It’s actually illegal to export; I presume there is some sort of waiver re: a border refinery.
But the spread between domestic (95ish) and BRent (115ish) is absurd. You know coastal Texas people would export in a second.
Oil would have to drop $20 for the price to change domestically.
Crude oil exports are restricted to: (1) crude oil derived from fields under the State waters of Alaska’s Cook Inlet; (2) Alaskan North Slope crude oil; (3) certain domestically produced crude oil destined for Canada; (4) shipments to U.S. territories; and (5) California crude oil to Pacific Rim countries.
http://www.eia.gov/dnav/pet/pet_move_expc_a_ep00_eex_mbbl_m.htm
Alaskan North Slope Crude Oil was banned from export until 1995 with the West Coast oil glut. About 5% was exported until 2000. None is exported since but it is still legal, just not cost effective while our west coast is importing more than Alaska produces.
Key factors behind the recent narrowing in the Brent-WTI Spread
http://www.eia.gov/oog/info/twip/twiparch/2013/130605/twipprint.html
Also the spread exists because the US is importing Brent into the US to help meet our demand. If our production rose to where we were a net exporter, the market would change.
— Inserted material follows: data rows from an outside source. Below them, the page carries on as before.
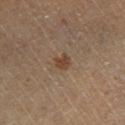Q: Was a biopsy performed?
A: total-body-photography surveillance lesion; no biopsy
Q: How was this image acquired?
A: ~15 mm tile from a whole-body skin photo
Q: What are the patient's age and sex?
A: male, roughly 60 years of age
Q: Where on the body is the lesion?
A: the right lower leg

WTI has been at a discount because it is landlocked with insufficient pipeline capacity. It is not a factor of export rules.
Look at the similar quality Louisiana Light Sweet delivered to St. James Louisiana. It is on the coast and has kept price match with Brent.
The article linked below is a bit dated, but it shows how LLS stayed with Brent while WTI fell below.
Recent gasoline and diesel prices track Brent and LLS, not WTI
http://www.eia.gov/todayinenergy/detail.cfm?id=3670
This will explain the WTI / Brent better than I did.
Brent-WTI Spread Shrinks to $5 for First Time in 2 1/2 Years
http://www.bloomberg.com/news/2013-07-01/brent-wti-oil-spread-shrinks-to-5-for-first-time-in-2-1-2-years.html
Jul 1, 2013
The difference between the worlds two most-traded crude oil grades shrank to less than $5 a barrel for the first time in about 2 1/2 years, underlining the easing of a supply bottleneck in the U.S.
North Sea Brent crudes premium to West Texas Intermediate narrowed to as little as $4.77 a barrel today. Its the first time the spread between the two grades has been at $5 or less since Jan. 18, 2011, on an intraday basis, according to data compiled by Bloomberg. WTI, the main U.S. crude grade, had been typically the more expensive grade until mid-2010.
The drop in the gap between Brent, a gauge for more than half the worlds oil, and WTI shows how improved pipeline networks and the use of rail links have helped to unlock a glut at Americas oil-storage hub at Cushing, Oklahoma, in line with a prediction made by Goldman Sachs Group Inc. as long ago as February 2012. WTI rose 5.2 percent in the first half of this year. Brent dropped by 8.1 percent as North Sea supplies have stabilized following oilfield maintenance.